Using a wide-angle lens with a small aperture (f16 to f32) would have given Weegee the depth of field to keep everything in focus. The light is coming from behind Weegee, directly down, and the effect of the wide-angle lens is to exagerate perspective. There is a lot of evidence of Weegee arranging images before taking the photo (even the suggestion he might have arranged crime scenes before the police arrived), but he wasn't a printer. The photograph scanned for this online exhibition was printed from Weegee's original negative by Sid Kaplan - Amber, together with Weegee's widow Wilma Wilcox, was involved in the process and we're happy to vouch for the authenticity of the photograph. The original negatives are now held by the International Center of Photography in New York, if you want to pursue your theory further.
can I get a copy of the Crowd at Coney island, 1940 photo? Is is available in a book or poster?
We are currently working through our posters and from tomorrow (6.6.07) the poster of 'Crowd at Coney Island, 1940' will be available from the Amber Online Shop, price £5 plus p&p. The image is also included in Side's booklet on Weegee (similarly available from the Online Shop, £5 plus p&p). There are 13 Weegee A2 posters, originally developed for a calendar (12 months plus a cover). The image size is 360mm x 280mm.
With reference to the above comments about WeeGee, from 1924 to 1927 he WAS a printer for Acme Newspapers, He was also born Usher Fellig not Arthur, he only changed his name to this once landing in the USA.
We've been doing some research for a new exhibition of The Weegee Portfolio, which we are putting on at Side Gallery in October and as part of the process, Amber's Pat McCarthy went to New York to interview Sid Kaplan, who printed the portfolio in the early 1980s and printed this particular picture for Weegee in the 1960s. He also comments on Weegee as a printer.

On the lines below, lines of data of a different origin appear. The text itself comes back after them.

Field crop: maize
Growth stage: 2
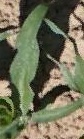
Species: maize
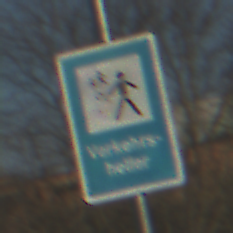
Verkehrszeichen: Verkehrshelfer
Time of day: MorningAfternoon
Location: Outdoor (Nature)
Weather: Clear
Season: NotSpecified
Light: Natural
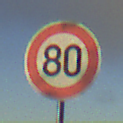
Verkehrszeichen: Geschwindigkeit80
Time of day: SunriseSunset
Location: Outdoor (Nature)
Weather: PartlyCloudy
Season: NotSpecified
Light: Natural
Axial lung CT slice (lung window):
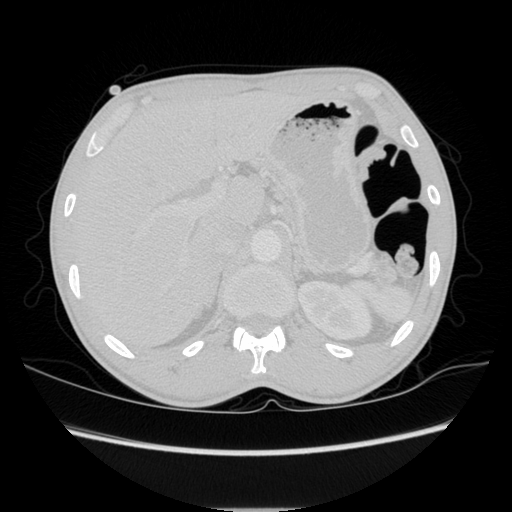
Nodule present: no
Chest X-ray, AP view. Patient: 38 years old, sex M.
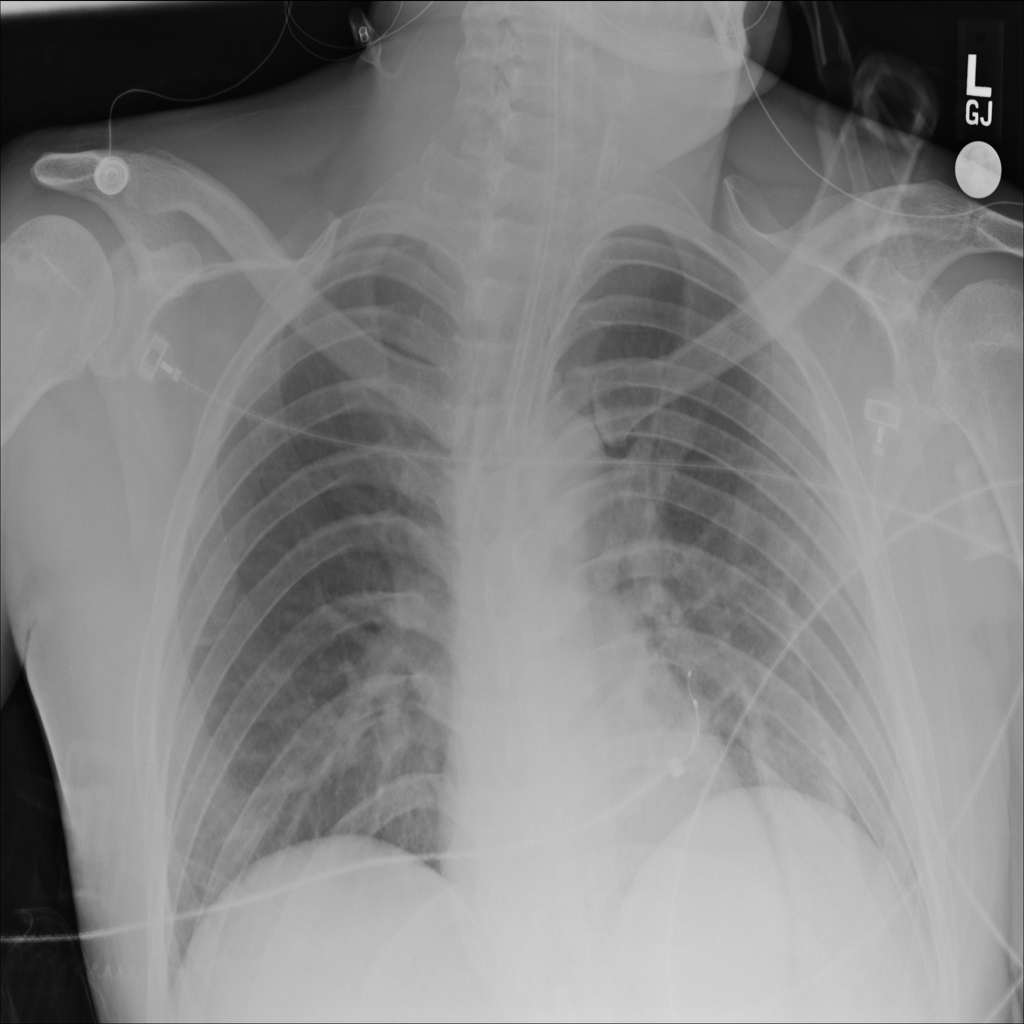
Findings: No Finding
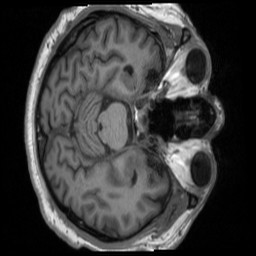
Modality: T1w
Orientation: axial
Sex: male
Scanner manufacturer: siemens
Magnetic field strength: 3 T
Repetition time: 1.8 s
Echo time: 0.00226 s
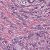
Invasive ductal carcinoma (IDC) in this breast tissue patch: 1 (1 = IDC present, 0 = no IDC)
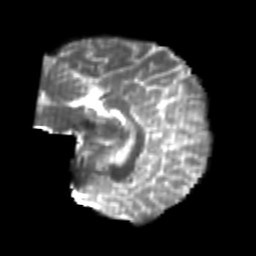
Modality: T2w
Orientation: sagittal
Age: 22
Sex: male
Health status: healthy
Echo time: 0.074 s
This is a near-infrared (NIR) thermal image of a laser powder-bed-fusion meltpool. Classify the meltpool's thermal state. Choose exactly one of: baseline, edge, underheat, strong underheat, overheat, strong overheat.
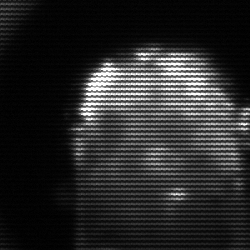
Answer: baseline
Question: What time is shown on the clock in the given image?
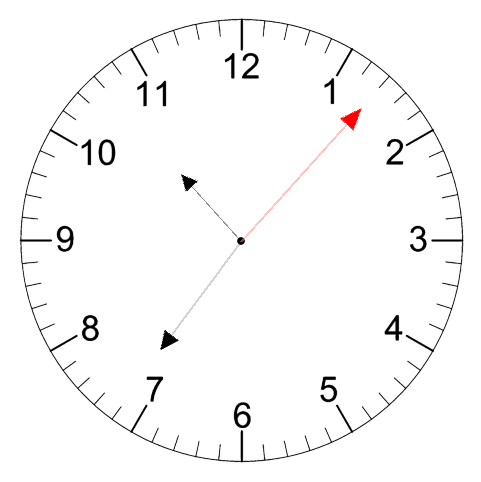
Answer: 10:36:07
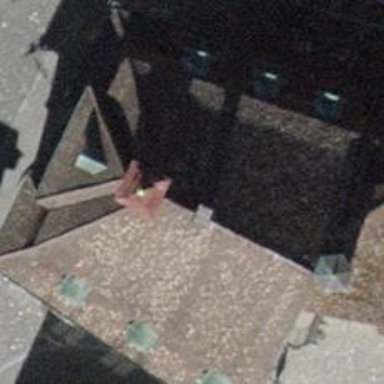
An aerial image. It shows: Tower support.
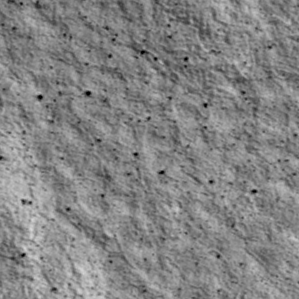
Label: non_frost
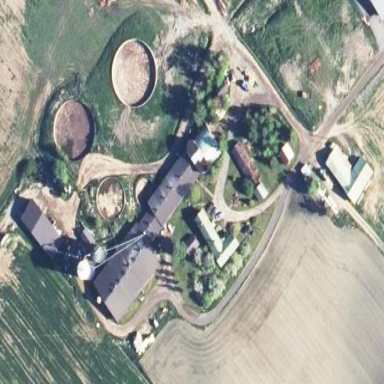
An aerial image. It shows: Farmyard area.
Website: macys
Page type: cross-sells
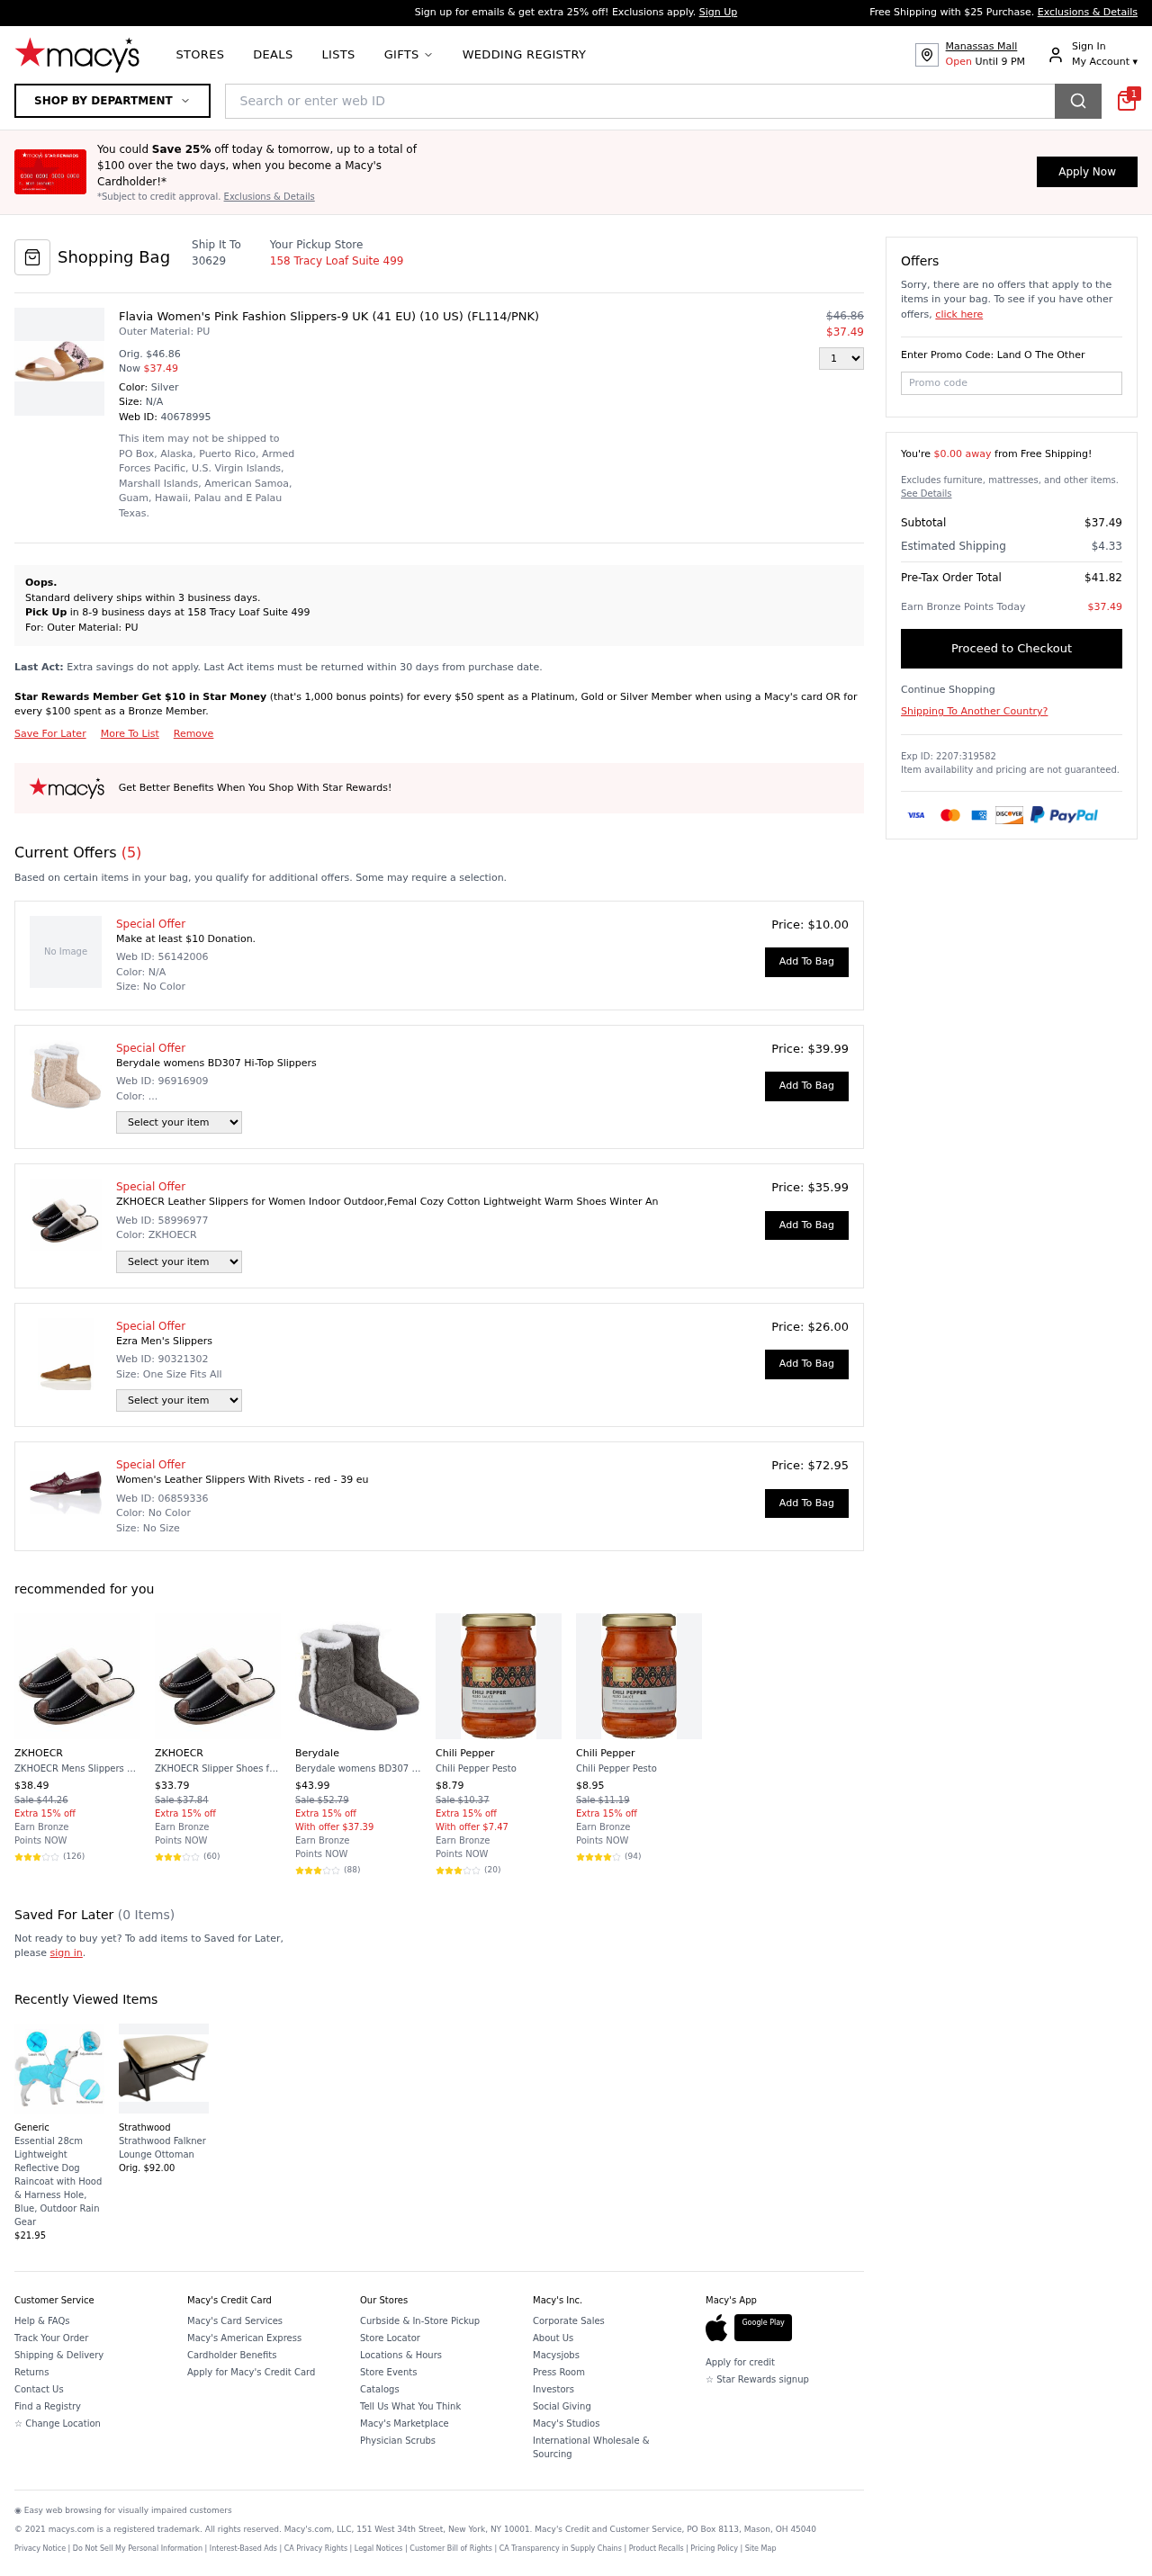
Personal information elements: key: PII_LOCATION1_STREET
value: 158 Tracy Loaf Suite 499
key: PII_POSTCODE
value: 30629
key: PII_PROMO_CODE
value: ZLJSAVE
Product elements: key: PRODUCT10_BRAND
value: Chili Pepper
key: PRODUCT10_NAME
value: Chili Pepper Pesto
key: PRODUCT10_NUM_RATINGS
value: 94
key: PRODUCT10_PRICE
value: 8.95
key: PRODUCT10_RATING
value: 4.3
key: PRODUCT11_BRAND
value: Generic
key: PRODUCT11_NAME
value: Essential 28cm Lightweight Reflective Dog Raincoat with Hood & Harness Hole, Blue, Outdoor Rain Gear
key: PRODUCT11_PRICE
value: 21.95
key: PRODUCT12_BRAND
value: Strathwood
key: PRODUCT12_NAME
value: Strathwood Falkner Lounge Ottoman
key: PRODUCT12_PRICE
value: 92
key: PRODUCT1_DESC
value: Outer Material: PU
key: PRODUCT1_NAME
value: Flavia Women's Pink Fashion Slippers-9 UK (41 EU) (10 US) (FL114/PNK)
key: PRODUCT1_PRICE
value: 37.49
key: PRODUCT1_QUANTITY
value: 1
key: PRODUCT2_NAME
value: Berydale womens BD307 Hi-Top Slippers
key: PRODUCT2_PRICE
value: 39.99
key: PRODUCT3_NAME
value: ZKHOECR Leather Slippers for Women Indoor Outdoor,Femal Cozy Cotton Lightweight Warm Shoes Winter An
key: PRODUCT3_PRICE
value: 35.99
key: PRODUCT4_NAME
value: Ezra Men's Slippers
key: PRODUCT4_PRICE
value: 26
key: PRODUCT5_NAME
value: Women's Leather Slippers With Rivets -  red -  39 eu
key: PRODUCT5_PRICE
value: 72.95
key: PRODUCT6_BRAND
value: ZKHOECR
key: PRODUCT6_NAME
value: ZKHOECR Mens Slippers Memory Foam Indoor Leather Wide Soft Cozy Cotton Closed Toe Non-Slip Shoes Clo
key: PRODUCT6_NUM_RATINGS
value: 126
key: PRODUCT6_PRICE
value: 38.49
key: PRODUCT6_RATING
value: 3.9
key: PRODUCT7_BRAND
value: ZKHOECR
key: PRODUCT7_NAME
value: ZKHOECR Slipper Shoes for Women Cotton Ladies Cute Bedroom Indoor Winter Soft Comfy Fluffy Fur Lined
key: PRODUCT7_NUM_RATINGS
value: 60
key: PRODUCT7_PRICE
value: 33.79
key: PRODUCT7_RATING
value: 3.9
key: PRODUCT8_BRAND
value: Berydale
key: PRODUCT8_NAME
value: Berydale womens BD307 Hi-Top Slippers
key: PRODUCT8_NUM_RATINGS
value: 88
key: PRODUCT8_PRICE
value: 43.99
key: PRODUCT8_RATING
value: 3.5
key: PRODUCT9_BRAND
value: Chili Pepper
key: PRODUCT9_NAME
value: Chili Pepper Pesto
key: PRODUCT9_NUM_RATINGS
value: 20
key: PRODUCT9_PRICE
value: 8.79
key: PRODUCT9_RATING
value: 3.9
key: PRODUCT1_ORIGINAL_PRICE
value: $46.86
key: PRODUCT6_ORIGINAL_PRICE
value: Sale $44.26
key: PRODUCT7_ORIGINAL_PRICE
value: Sale $37.84
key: PRODUCT8_ORIGINAL_PRICE
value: Sale $52.79
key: PRODUCT9_ORIGINAL_PRICE
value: Sale $10.37
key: PRODUCT10_ORIGINAL_PRICE
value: Sale $11.19
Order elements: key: ORDER_ID
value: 40678995
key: ORDER_NUM_OFFERS
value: (5)
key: ORDER_FREE_SHIPPING_THRESHOLD
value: $0.00 away
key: ORDER_SUBTOTAL
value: $37.49
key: ORDER_SHIPPING_COST
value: $4.33
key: ORDER_TOTAL
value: $41.82
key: ORDER_POINTS_EARNED
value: $37.49
Search elements: key: HEADER_SEARCH
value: Search or enter web ID
Other elements: key: SAVED_NUM_ITEMS
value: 0

Working in a New York photo lab, before he set up his own operation, he remembers: ''The lab was doing an exhibition for Expo 67, in Montreal, and Weegee had a couple of prints in it. We needed the negative, so he came up to the lab personally. There was the Coney Island negative and then there was the kid looking down on the fire escape. I forgot the third one, but, of course, Weegee said, ‘Be careful of these negatives!’ And with the kid looking down on the fire escape, there was an area in the frame that he would have cropped anyway and was gonna be cropped in the exhibition, and he just took a regular pen and wrote his name right on it and I’m thinking, ‘God, that’s a little bit sacrilegious!' And he was going to do it with the Coney Island negative, but he said, ‘Be careful of losing it, because I can’t crop anything off it.’''
Asked about the theory that the Coney Island picture was a montage, he commented: "Well, no. If you see the original negative, there were spots of sun. What we had to do, to make all the people from corner to corner look even, was a lot of burning and dodging, so some of the dark areas might be a little bit lighter than it should be and some of the bright areas to make it balanced had to be burnt down a little bit more than it should have."

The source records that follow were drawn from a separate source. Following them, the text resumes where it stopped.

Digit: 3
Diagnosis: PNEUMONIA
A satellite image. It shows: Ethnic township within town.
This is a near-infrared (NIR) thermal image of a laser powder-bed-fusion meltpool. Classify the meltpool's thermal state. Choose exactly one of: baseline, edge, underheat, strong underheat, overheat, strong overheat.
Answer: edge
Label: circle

Talking about Weegee's ability as a printer, he said: "Weegee knew how to make a good print for reproduction. He spent a lot of years in the darkroom making pictures for reproduction. Meaning he wasn’t thinking how much the print itself looked, he was already thinking of what it’s going to look like when the newspaper screen hits it. He knew how certain things you can’t make so light, or too dark, because the ink would do something bad to it. So if you look at a lot of his prints, especially night pictures where you could say, Well, it looks too grey, he could have made it darker. That’s true. It’s not a beautiful print in the exhibition sense, but when that newspaper screen and ink hits it, it looked perfect. We’d looked at a lot of his photographs of the same negative. No two prints were ever the same. No two crops were ever the same."
Tilting the lensboard on a SpeedGraphic press camera will allow you to easily get everyone in this image in focus at the same time.